= Beginning of Section =

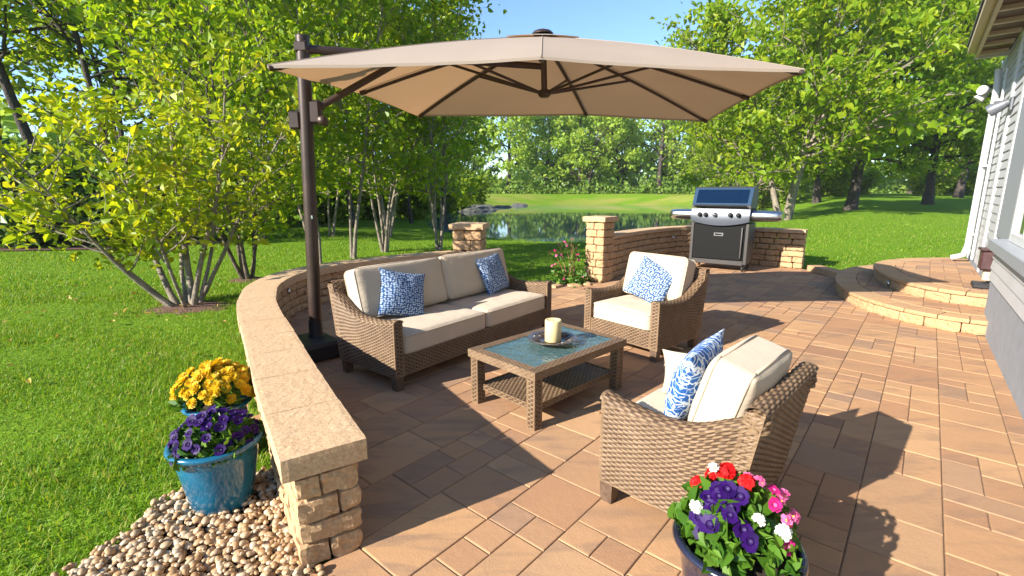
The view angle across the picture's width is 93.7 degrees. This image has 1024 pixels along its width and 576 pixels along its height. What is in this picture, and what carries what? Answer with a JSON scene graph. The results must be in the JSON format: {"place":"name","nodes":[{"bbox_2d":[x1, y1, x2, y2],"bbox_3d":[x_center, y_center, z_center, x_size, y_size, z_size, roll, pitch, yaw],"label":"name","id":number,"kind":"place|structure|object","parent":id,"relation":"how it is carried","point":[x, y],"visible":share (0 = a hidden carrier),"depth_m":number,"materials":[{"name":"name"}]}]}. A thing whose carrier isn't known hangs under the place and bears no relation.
{"place":"outdoors","nodes":[
{"label":"outdoors","id":0,"kind":"place"},
{"bbox_2d":[0,234,251,250],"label":"mulch ground","id":1,"kind":"structure","parent":0,"point":[70,247],"depth_m":13.21,"materials":[{"name":"brown soil"}]},
{"bbox_2d":[0,1,101,139],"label":"woodland tree","id":2,"kind":"object","parent":1,"relation":"on","point":[21,80],"visible":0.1,"depth_m":17.50,"materials":[{"name":"green plant"}]},
{"bbox_2d":[0,137,105,248],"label":"shrub","id":3,"kind":"object","parent":1,"relation":"on","point":[37,236],"visible":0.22,"depth_m":12.84,"materials":[{"name":"green plant"}]},
{"bbox_2d":[0,0,182,154],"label":"woodland tree","id":4,"kind":"object","parent":1,"relation":"on","point":[24,129],"visible":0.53,"depth_m":14.12,"materials":[{"name":"green plant"}]},
{"bbox_2d":[43,156,166,246],"bbox_3d":[-11.274,-2.381,13.609,3.159,2.542,3.220,-2,11,-9],"label":"shrub","id":5,"kind":"object","parent":1,"relation":"on","point":[84,192],"visible":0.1,"depth_m":12.98,"materials":[{"name":"green plant"}]},
{"bbox_2d":[0,0,228,173],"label":"woodland tree","id":6,"kind":"object","parent":1,"relation":"on","point":[35,18],"visible":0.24,"depth_m":14.13,"materials":[{"name":"green plant"}]},
{"bbox_2d":[4,0,292,242],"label":"woodland tree","id":7,"kind":"object","parent":1,"relation":"on","point":[78,9],"visible":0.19,"depth_m":12.41,"materials":[{"name":"green plant"}]},
{"bbox_2d":[152,168,281,240],"bbox_3d":[-9.198,-2.886,15.313,3.606,2.847,3.538,4,12,18],"label":"shrub","id":8,"kind":"object","parent":1,"relation":"on","point":[226,228],"visible":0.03,"depth_m":15.11,"materials":[{"name":"green plant"}]},
{"bbox_2d":[50,466,326,575],"bbox_3d":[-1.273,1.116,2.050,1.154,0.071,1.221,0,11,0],"label":"river pebbles","id":9,"kind":"object","parent":0,"point":[136,556],"visible":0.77,"depth_m":2.06,"materials":[{"name":"stone"}]},
{"bbox_2d":[163,430,263,515],"bbox_3d":[-1.430,0.898,2.352,0.416,0.356,0.416,0,11,0],"label":"teal flower pot","id":10,"kind":"object","parent":9,"relation":"on","point":[209,489],"visible":0.59,"depth_m":2.22,"materials":[{"name":"ceramic"}]},
{"bbox_2d":[164,405,266,471],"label":"purple petunias","id":11,"kind":"object","parent":10,"relation":"in","point":[217,432],"visible":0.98,"depth_m":2.23,"materials":[{"name":"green plant"}]},
{"bbox_2d":[142,301,236,314],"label":"mulch ground","id":12,"kind":"structure","parent":0,"point":[205,305],"depth_m":6.34,"materials":[{"name":"brown soil"}]},
{"bbox_2d":[227,276,262,282],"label":"mulch ground","id":13,"kind":"structure","parent":0,"point":[239,280],"depth_m":8.38,"materials":[{"name":"brown soil"}]},
{"bbox_2d":[0,193,972,575],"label":"lawn","id":14,"kind":"structure","parent":0,"point":[882,205],"depth_m":5.78,"materials":[{"name":"green plant"}]},
{"bbox_2d":[0,0,204,169],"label":"woodland tree","id":15,"kind":"object","parent":14,"relation":"on","point":[21,86],"visible":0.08,"depth_m":18.64,"materials":[{"name":"green plant"}]},
{"bbox_2d":[0,285,268,575],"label":"grass","id":16,"kind":"structure","parent":14,"relation":"on","point":[112,391],"depth_m":3.54,"materials":[{"name":"green plant"}]},
{"bbox_2d":[2,267,272,393],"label":"fallen leaves","id":17,"kind":"object","parent":14,"relation":"on","point":[28,380],"visible":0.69,"depth_m":5.96,"materials":[{"name":"yellow plant"}]},
{"bbox_2d":[0,25,324,307],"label":"multi stem tree","id":18,"kind":"object","parent":14,"relation":"on","point":[139,216],"visible":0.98,"depth_m":5.92,"materials":[{"name":"green plant"}]},
{"bbox_2d":[77,0,264,121],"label":"woodland tree","id":19,"kind":"object","parent":14,"relation":"on","point":[105,75],"visible":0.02,"depth_m":18.39,"materials":[{"name":"green plant"}]},
{"bbox_2d":[42,0,360,278],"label":"slender tree","id":20,"kind":"object","parent":14,"relation":"on","point":[194,11],"visible":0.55,"depth_m":7.38,"materials":[{"name":"green plant"}]},
{"bbox_2d":[180,395,252,416],"bbox_3d":[-1.720,0.814,2.835,0.366,0.331,0.366,0,11,0],"label":"teal flower pot","id":21,"kind":"object","parent":14,"relation":"on","point":[243,404],"visible":0.16,"depth_m":2.77,"materials":[{"name":"ceramic"}]},
{"bbox_2d":[168,357,255,411],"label":"yellow chrysanthemums","id":22,"kind":"object","parent":21,"relation":"in","point":[218,381],"visible":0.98,"depth_m":2.66,"materials":[{"name":"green plant"}]},
{"bbox_2d":[113,0,328,240],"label":"woodland tree","id":23,"kind":"object","parent":14,"relation":"on","point":[166,20],"visible":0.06,"depth_m":12.66,"materials":[{"name":"green plant"}]},
{"bbox_2d":[172,0,350,229],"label":"woodland tree","id":24,"kind":"object","parent":14,"relation":"on","point":[291,1],"depth_m":17.82,"materials":[{"name":"green plant"}]},
{"bbox_2d":[246,151,316,226],"bbox_3d":[-10.747,-4.257,20.735,4.376,3.397,3.967,-6,13,-26],"label":"shrub","id":25,"kind":"object","parent":14,"relation":"on","point":[287,206],"visible":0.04,"depth_m":20.90,"materials":[{"name":"green plant"}]},
{"bbox_2d":[189,0,388,263],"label":"slender tree","id":26,"kind":"object","parent":14,"relation":"on","point":[345,138],"visible":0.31,"depth_m":9.58,"materials":[{"name":"green plant"}]},
{"bbox_2d":[0,230,586,303],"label":"grass","id":27,"kind":"structure","parent":14,"relation":"on","point":[237,283],"depth_m":10.40,"materials":[{"name":"green plant"}]},
{"bbox_2d":[250,0,388,227],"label":"woodland tree","id":28,"kind":"object","parent":14,"relation":"on","point":[353,213],"visible":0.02,"depth_m":21.54,"materials":[{"name":"green plant"}]},
{"bbox_2d":[260,0,389,236],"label":"woodland tree","id":29,"kind":"object","parent":14,"relation":"on","point":[331,169],"visible":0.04,"depth_m":15.88,"materials":[{"name":"green plant"}]},
{"bbox_2d":[294,154,375,224],"bbox_3d":[-9.166,-4.939,23.295,4.484,3.840,4.947,-8,14,-33],"label":"shrub","id":30,"kind":"object","parent":14,"relation":"on","point":[341,215],"visible":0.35,"depth_m":23.11,"materials":[{"name":"green plant"}]},
{"bbox_2d":[245,0,441,258],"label":"slender tree","id":31,"kind":"object","parent":14,"relation":"on","point":[330,176],"visible":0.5,"depth_m":10.25,"materials":[{"name":"green plant"}]},
{"bbox_2d":[353,167,404,219],"bbox_3d":[-8.637,-6.006,28.967,4.484,3.840,4.947,7,14,33],"label":"shrub","id":32,"kind":"object","parent":14,"relation":"on","point":[368,213],"visible":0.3,"depth_m":28.35,"materials":[{"name":"green plant"}]},
{"bbox_2d":[282,0,492,251],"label":"slender tree","id":33,"kind":"object","parent":14,"relation":"on","point":[384,241],"visible":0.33,"depth_m":11.76,"materials":[{"name":"green plant"}]},
{"bbox_2d":[328,2,452,236],"bbox_3d":[-4.252,-6.128,16.850,4.994,8.748,5.093,-1,11,-7],"label":"woodland tree","id":34,"kind":"object","parent":14,"relation":"on","point":[393,216],"visible":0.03,"depth_m":16.74,"materials":[{"name":"green plant"}]},
{"bbox_2d":[352,0,464,223],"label":"woodland tree","id":35,"kind":"object","parent":14,"relation":"on","point":[408,198],"visible":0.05,"depth_m":25.76,"materials":[{"name":"green plant"}]},
{"bbox_2d":[384,167,452,219],"bbox_3d":[-6.457,-6.458,30.552,5.518,4.283,5.002,6,13,26],"label":"shrub","id":36,"kind":"object","parent":14,"relation":"on","point":[420,209],"visible":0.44,"depth_m":30.41,"materials":[{"name":"green plant"}]},
{"bbox_2d":[334,0,507,250],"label":"slender tree","id":37,"kind":"object","parent":14,"relation":"on","point":[444,121],"visible":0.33,"depth_m":11.79,"materials":[{"name":"green plant"}]},
{"bbox_2d":[380,24,476,214],"bbox_3d":[-5.991,-12.379,34.785,6.914,14.266,7.331,0,11,-1],"label":"woodland tree","id":38,"kind":"object","parent":14,"relation":"on","point":[454,160],"visible":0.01,"depth_m":34.44,"materials":[{"name":"green plant"}]},
{"bbox_2d":[407,116,477,180],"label":"tree","id":39,"kind":"object","parent":14,"relation":"on","point":[468,169],"visible":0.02,"depth_m":74.55,"materials":[{"name":"green plant"}]},
{"bbox_2d":[400,0,491,219],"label":"woodland tree","id":40,"kind":"object","parent":14,"relation":"on","point":[477,119],"visible":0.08,"depth_m":29.83,"materials":[{"name":"green plant"}]},
{"bbox_2d":[429,181,470,213],"bbox_3d":[-5.532,-7.704,39.036,4.376,3.397,3.967,-1,11,-3],"label":"shrub","id":41,"kind":"object","parent":14,"relation":"on","point":[451,204],"visible":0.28,"depth_m":38.84,"materials":[{"name":"green plant"}]},
{"bbox_2d":[0,96,905,210],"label":"woods","id":42,"kind":"object","parent":14,"relation":"on","point":[8,125],"visible":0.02,"depth_m":31.20,"materials":[{"name":"green plant"}]},
{"bbox_2d":[447,173,478,210],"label":"shrub","id":43,"kind":"object","parent":14,"relation":"on","point":[461,206],"visible":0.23,"depth_m":43.57,"materials":[{"name":"green plant"}]},
{"bbox_2d":[458,208,486,211],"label":"boulder","id":44,"kind":"object","parent":14,"relation":"on","point":[473,210],"visible":0.34,"depth_m":43.28,"materials":[{"name":"grey stone"}]},
{"bbox_2d":[448,116,503,178],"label":"tree","id":45,"kind":"object","parent":14,"relation":"on","point":[478,165],"visible":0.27,"depth_m":76.00,"materials":[{"name":"green plant"}]},
{"bbox_2d":[456,168,495,206],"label":"shrub","id":46,"kind":"object","parent":14,"relation":"on","point":[481,197],"visible":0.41,"depth_m":51.37,"materials":[{"name":"green plant"}]},
{"bbox_2d":[467,204,497,209],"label":"boulder","id":47,"kind":"object","parent":14,"relation":"on","point":[487,207],"visible":0.26,"depth_m":49.08,"materials":[{"name":"grey stone"}]},
{"bbox_2d":[496,205,510,207],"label":"boulder","id":48,"kind":"object","parent":14,"relation":"on","point":[500,206],"visible":0.12,"depth_m":55.45,"materials":[{"name":"grey stone"}]},
{"bbox_2d":[479,116,544,193],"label":"tree","id":49,"kind":"object","parent":14,"relation":"on","point":[521,151],"visible":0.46,"depth_m":72.72,"materials":[{"name":"green plant"}]},
{"bbox_2d":[510,203,527,205],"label":"boulder","id":50,"kind":"object","parent":14,"relation":"on","point":[518,204],"visible":0.41,"depth_m":61.19,"materials":[{"name":"grey stone"}]},
{"bbox_2d":[503,116,548,185],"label":"tree","id":51,"kind":"object","parent":14,"relation":"on","point":[512,147],"visible":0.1,"depth_m":85.53,"materials":[{"name":"green plant"}]},
{"bbox_2d":[513,116,577,193],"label":"tree","id":52,"kind":"object","parent":14,"relation":"on","point":[541,129],"visible":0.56,"depth_m":75.50,"materials":[{"name":"green plant"}]},
{"bbox_2d":[538,117,582,183],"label":"tree","id":53,"kind":"object","parent":14,"relation":"on","point":[558,151],"visible":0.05,"depth_m":87.31,"materials":[{"name":"green plant"}]},
{"bbox_2d":[546,115,630,193],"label":"tree","id":54,"kind":"object","parent":14,"relation":"on","point":[573,152],"visible":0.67,"depth_m":73.69,"materials":[{"name":"green plant"}]},
{"bbox_2d":[560,116,630,185],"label":"tree","id":55,"kind":"object","parent":14,"relation":"on","point":[590,132],"visible":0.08,"depth_m":85.47,"materials":[{"name":"green plant"}]},
{"bbox_2d":[578,117,654,190],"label":"tree","id":56,"kind":"object","parent":14,"relation":"on","point":[627,158],"visible":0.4,"depth_m":76.56,"materials":[{"name":"green plant"}]},
{"bbox_2d":[593,120,652,185],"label":"tree","id":57,"kind":"object","parent":14,"relation":"on","point":[640,167],"visible":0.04,"depth_m":88.48,"materials":[{"name":"green plant"}]},
{"bbox_2d":[618,47,697,193],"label":"tree","id":58,"kind":"object","parent":14,"relation":"on","point":[662,147],"visible":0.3,"depth_m":75.40,"materials":[{"name":"green plant"}]},
{"bbox_2d":[636,120,686,175],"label":"tree","id":59,"kind":"object","parent":14,"relation":"on","point":[652,163],"visible":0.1,"depth_m":87.47,"materials":[{"name":"green plant"}]},
{"bbox_2d":[651,120,717,193],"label":"tree","id":60,"kind":"object","parent":14,"relation":"on","point":[671,157],"visible":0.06,"depth_m":76.99,"materials":[{"name":"green plant"}]},
{"bbox_2d":[435,159,955,193],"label":"undergrowth","id":61,"kind":"object","parent":14,"relation":"on","point":[605,186],"visible":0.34,"depth_m":75.35,"materials":[{"name":"green plant"}]},
{"bbox_2d":[666,88,808,206],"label":"maple tree","id":62,"kind":"object","parent":14,"relation":"on","point":[708,158],"visible":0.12,"depth_m":48.85,"materials":[{"name":"green plant"}]},
{"bbox_2d":[716,86,787,173],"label":"tree","id":63,"kind":"object","parent":14,"relation":"on","point":[762,135],"depth_m":69.39,"materials":[{"name":"green plant"}]},
{"bbox_2d":[569,214,969,269],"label":"grass","id":64,"kind":"structure","parent":14,"relation":"on","point":[885,233],"depth_m":15.04,"materials":[{"name":"green plant"}]},
{"bbox_2d":[739,174,806,208],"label":"shrub","id":65,"kind":"object","parent":14,"relation":"on","point":[765,201],"visible":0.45,"depth_m":50.25,"materials":[{"name":"green plant"}]},
{"bbox_2d":[762,58,848,203],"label":"maple tree","id":66,"kind":"object","parent":14,"relation":"on","point":[816,197],"visible":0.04,"depth_m":42.93,"materials":[{"name":"green plant"}]},
{"bbox_2d":[650,0,981,219],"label":"maple tree","id":67,"kind":"object","parent":14,"relation":"on","point":[810,23],"visible":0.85,"depth_m":21.82,"materials":[{"name":"green plant"}]},
{"bbox_2d":[807,155,870,196],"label":"shrub","id":68,"kind":"object","parent":14,"relation":"on","point":[834,184],"visible":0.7,"depth_m":47.73,"materials":[{"name":"green plant"}]},
{"bbox_2d":[810,160,882,183],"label":"shrub","id":69,"kind":"object","parent":14,"relation":"on","point":[864,168],"visible":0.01,"depth_m":56.23,"materials":[{"name":"green plant"}]},
{"bbox_2d":[847,166,883,194],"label":"shrub","id":70,"kind":"object","parent":14,"relation":"on","point":[869,177],"visible":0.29,"depth_m":51.42,"materials":[{"name":"green plant"}]},
{"bbox_2d":[776,0,993,210],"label":"maple tree","id":71,"kind":"object","parent":14,"relation":"on","point":[962,11],"visible":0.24,"depth_m":24.93,"materials":[{"name":"green plant"}]},
{"bbox_2d":[878,76,958,193],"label":"tree","id":72,"kind":"object","parent":14,"relation":"on","point":[908,161],"visible":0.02,"depth_m":68.31,"materials":[{"name":"green plant"}]},
{"bbox_2d":[901,162,961,195],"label":"shrub","id":73,"kind":"object","parent":14,"relation":"on","point":[916,184],"visible":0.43,"depth_m":49.98,"materials":[{"name":"green plant"}]},
{"bbox_2d":[881,1,1021,204],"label":"maple tree","id":74,"kind":"object","parent":14,"relation":"on","point":[937,143],"visible":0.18,"depth_m":31.10,"materials":[{"name":"green plant"}]},
{"bbox_2d":[940,159,979,194],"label":"shrub","id":75,"kind":"object","parent":14,"relation":"on","point":[970,187],"visible":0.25,"depth_m":52.63,"materials":[{"name":"green plant"}]},
{"bbox_2d":[919,56,1006,197],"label":"maple tree","id":76,"kind":"object","parent":14,"relation":"on","point":[959,191],"visible":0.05,"depth_m":44.78,"materials":[{"name":"green plant"}]},
{"bbox_2d":[950,0,1023,420],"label":"house","id":77,"kind":"structure","parent":14,"relation":"on","point":[996,223],"depth_m":5.89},
{"bbox_2d":[970,247,993,288],"bbox_3d":[5.808,-0.250,5.913,0.158,0.488,0.280,9,15,39],"label":"hose box","id":78,"kind":"object","parent":77,"relation":"attached to","point":[985,260],"visible":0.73,"depth_m":5.84,"materials":[{"name":"brown plastic"}]},
{"bbox_2d":[974,85,991,102],"bbox_3d":[7.766,-3.169,7.847,0.346,0.250,0.249,0,11,0],"label":"flood light","id":79,"kind":"object","parent":77,"relation":"attached to","point":[983,91],"visible":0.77,"depth_m":7.81,"materials":[{"name":"white plastic"}]},
{"bbox_2d":[985,96,1014,116],"bbox_3d":[6.561,-2.437,6.462,0.169,0.235,0.274,-9,14,-38],"label":"wall light fitting","id":80,"kind":"object","parent":77,"relation":"attached to","point":[994,109],"depth_m":6.42,"materials":[{"name":"white metal"}]},
{"bbox_2d":[1009,166,1023,248],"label":"window frame","id":81,"kind":"structure","parent":77,"relation":"in","point":[1016,236],"depth_m":4.82,"materials":[{"name":"white plastic"}]},
{"bbox_2d":[0,0,984,183],"label":"sky","id":82,"kind":"structure","parent":0,"point":[629,21],"materials":[{"name":"blue"}]},
{"bbox_2d":[537,280,593,285],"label":"planting bed ground","id":83,"kind":"structure","parent":0,"point":[564,284],"depth_m":8.18,"materials":[{"name":"soil"}]},
{"bbox_2d":[538,238,598,287],"bbox_3d":[0.978,-0.446,8.043,0.847,0.764,0.780,-9,15,-39],"label":"garden rose","id":84,"kind":"object","parent":83,"relation":"on","point":[573,276],"visible":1,"depth_m":8.02,"materials":[{"name":"green plant"}]},
{"bbox_2d":[428,205,764,241],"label":"pond water","id":85,"kind":"structure","parent":0,"point":[559,223],"depth_m":31.15,"materials":[{"name":"teal liquid"}]},
{"bbox_2d":[252,262,1023,575],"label":"patio","id":86,"kind":"structure","parent":0,"point":[896,529],"depth_m":2.75,"materials":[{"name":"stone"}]},
{"bbox_2d":[236,222,489,566],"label":"curved seat wall","id":87,"kind":"structure","parent":86,"relation":"on","point":[316,440],"depth_m":2.24,"materials":[{"name":"stone"}]},
{"bbox_2d":[327,248,551,391],"bbox_3d":[-0.557,0.148,4.636,0.862,0.892,2.137,9,14,37],"label":"wicker sofa","id":88,"kind":"object","parent":86,"relation":"on","point":[461,305],"visible":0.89,"depth_m":4.11,"materials":[{"name":"fabric"}]},
{"bbox_2d":[378,267,424,315],"bbox_3d":[-0.948,0.051,4.157,0.440,0.420,0.154,8,-18,-37],"label":"throw pillow","id":89,"kind":"object","parent":88,"relation":"on","point":[401,294],"visible":0.96,"depth_m":4.09,"materials":[{"name":"blue fabric"}]},
{"bbox_2d":[476,252,509,294],"bbox_3d":[-0.197,-0.152,5.135,0.152,0.420,0.440,-17,6,34],"label":"throw pillow","id":90,"kind":"object","parent":88,"relation":"on","point":[493,273],"visible":0.99,"depth_m":5.04,"materials":[{"name":"blue fabric"}]},
{"bbox_2d":[267,29,804,362],"bbox_3d":[0.196,-1.045,5.073,4.692,3.056,2.784,0,11,0],"label":"cantilever umbrella","id":91,"kind":"object","parent":86,"relation":"on","point":[542,72],"visible":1,"depth_m":4.54,"materials":[{"name":"beige fabric"}]},
{"bbox_2d":[468,323,626,430],"bbox_3d":[0.280,0.607,3.589,1.026,0.403,0.666,-11,16,-43],"label":"coffee table","id":92,"kind":"object","parent":86,"relation":"on","point":[535,379],"visible":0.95,"depth_m":3.43,"materials":[{"name":"wicker"}]},
{"bbox_2d":[527,330,577,344],"bbox_3d":[0.300,0.384,3.575,0.376,0.041,0.376,0,11,0],"label":"plate","id":93,"kind":"object","parent":92,"relation":"on","point":[537,337],"visible":0.73,"depth_m":3.59,"materials":[{"name":"metal"}]},
{"bbox_2d":[545,318,561,342],"bbox_3d":[0.305,0.309,3.560,0.122,0.174,0.122,0,11,0],"label":"pillar candle","id":94,"kind":"object","parent":93,"relation":"on","point":[552,330],"visible":0.98,"depth_m":3.51,"materials":[{"name":"wax"}]},
{"bbox_2d":[552,283,562,287],"bbox_3d":[0.719,-0.034,7.764,0.195,0.060,0.140,-10,15,-41],"label":"edging stone","id":95,"kind":"object","parent":86,"relation":"on","point":[557,285],"visible":0.87,"depth_m":7.72,"materials":[{"name":"beige stone"}]},
{"bbox_2d":[567,283,581,286],"bbox_3d":[1.020,-0.038,7.808,0.227,0.063,0.162,-2,11,-9],"label":"edging stone","id":96,"kind":"object","parent":86,"relation":"on","point":[573,284],"visible":0.86,"depth_m":7.75,"materials":[{"name":"beige stone"}]},
{"bbox_2d":[584,251,709,362],"bbox_3d":[1.325,0.120,4.777,0.842,0.892,0.878,-9,15,-39],"label":"wicker armchair","id":97,"kind":"object","parent":86,"relation":"on","point":[673,318],"visible":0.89,"depth_m":4.58,"materials":[{"name":"wicker"}]},
{"bbox_2d":[623,255,671,302],"bbox_3d":[1.379,-0.061,4.743,0.440,0.420,0.159,33,5,38],"label":"throw pillow","id":98,"kind":"object","parent":97,"relation":"on","point":[650,281],"visible":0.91,"depth_m":4.69,"materials":[{"name":"blue fabric"}]},
{"bbox_2d":[583,215,807,282],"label":"curved back wall","id":99,"kind":"structure","parent":86,"relation":"on","point":[609,248],"depth_m":9.49,"materials":[{"name":"stone"}]},
{"bbox_2d":[599,335,818,512],"bbox_3d":[0.932,0.644,2.305,0.727,0.834,0.733,-11,16,-44],"label":"wicker armchair","id":100,"kind":"object","parent":86,"relation":"on","point":[748,404],"visible":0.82,"depth_m":2.06,"materials":[{"name":"wicker"}]},
{"bbox_2d":[661,349,687,392],"bbox_3d":[0.971,0.456,2.451,0.400,0.270,0.133,5,24,24],"label":"throw pillow","id":101,"kind":"object","parent":100,"relation":"on","point":[673,360],"visible":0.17,"depth_m":2.47,"materials":[{"name":"beige fabric"}]},
{"bbox_2d":[664,328,724,420],"bbox_3d":[0.853,0.436,2.250,0.174,0.440,0.460,27,28,32],"label":"throw pillow","id":102,"kind":"object","parent":100,"relation":"on","point":[688,373],"visible":0.56,"depth_m":2.10,"materials":[{"name":"blue fabric"}]},
{"bbox_2d":[670,187,784,271],"bbox_3d":[4.142,-1.169,9.417,2.020,1.600,0.732,8,14,36],"label":"gas grill","id":103,"kind":"object","parent":86,"relation":"on","point":[722,229],"visible":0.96,"depth_m":9.20,"materials":[{"name":"grey metal"}]},
{"bbox_2d":[692,224,745,260],"bbox_3d":[3.977,-0.892,9.281,0.930,0.665,0.076,8,14,36],"label":"door","id":104,"kind":"structure","parent":103,"relation":"in","point":[709,241],"depth_m":9.28,"materials":[{"name":"black metal"}]},
{"bbox_2d":[672,518,808,575],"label":"dark flower pot","id":105,"kind":"object","parent":86,"relation":"on","point":[692,563],"visible":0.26,"depth_m":1.57,"materials":[{"name":"blue ceramic"}]},
{"bbox_2d":[667,462,804,575],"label":"mixed flowers","id":106,"kind":"object","parent":105,"relation":"in","point":[740,514],"visible":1,"depth_m":1.53,"materials":[{"name":"multicoloured plant"}]},
{"bbox_2d":[807,265,840,277],"bbox_3d":[5.845,-0.303,8.873,0.288,0.122,0.917,0,11,0],"label":"stone edging","id":107,"kind":"object","parent":86,"relation":"on","point":[826,271],"visible":0.83,"depth_m":8.88,"materials":[{"name":"beige stone"}]},
{"bbox_2d":[835,257,988,335],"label":"curved steps","id":108,"kind":"structure","parent":86,"relation":"on","point":[941,293],"depth_m":6.23,"materials":[{"name":"stone"}]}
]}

= End of Section =

* WORK TO BE COMPLETED *
Only lines holding the word "mulch" belong in the answer; copy each one from the material.

* EXERCISE SOLUTION *
{"bbox_2d":[0,234,251,250],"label":"mulch ground","id":1,"kind":"structure","parent":0,"point":[70,247],"depth_m":13.21,"materials":[{"name":"brown soil"}]},
{"bbox_2d":[142,301,236,314],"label":"mulch ground","id":12,"kind":"structure","parent":0,"point":[205,305],"depth_m":6.34,"materials":[{"name":"brown soil"}]},
{"bbox_2d":[227,276,262,282],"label":"mulch ground","id":13,"kind":"structure","parent":0,"point":[239,280],"depth_m":8.38,"materials":[{"name":"brown soil"}]},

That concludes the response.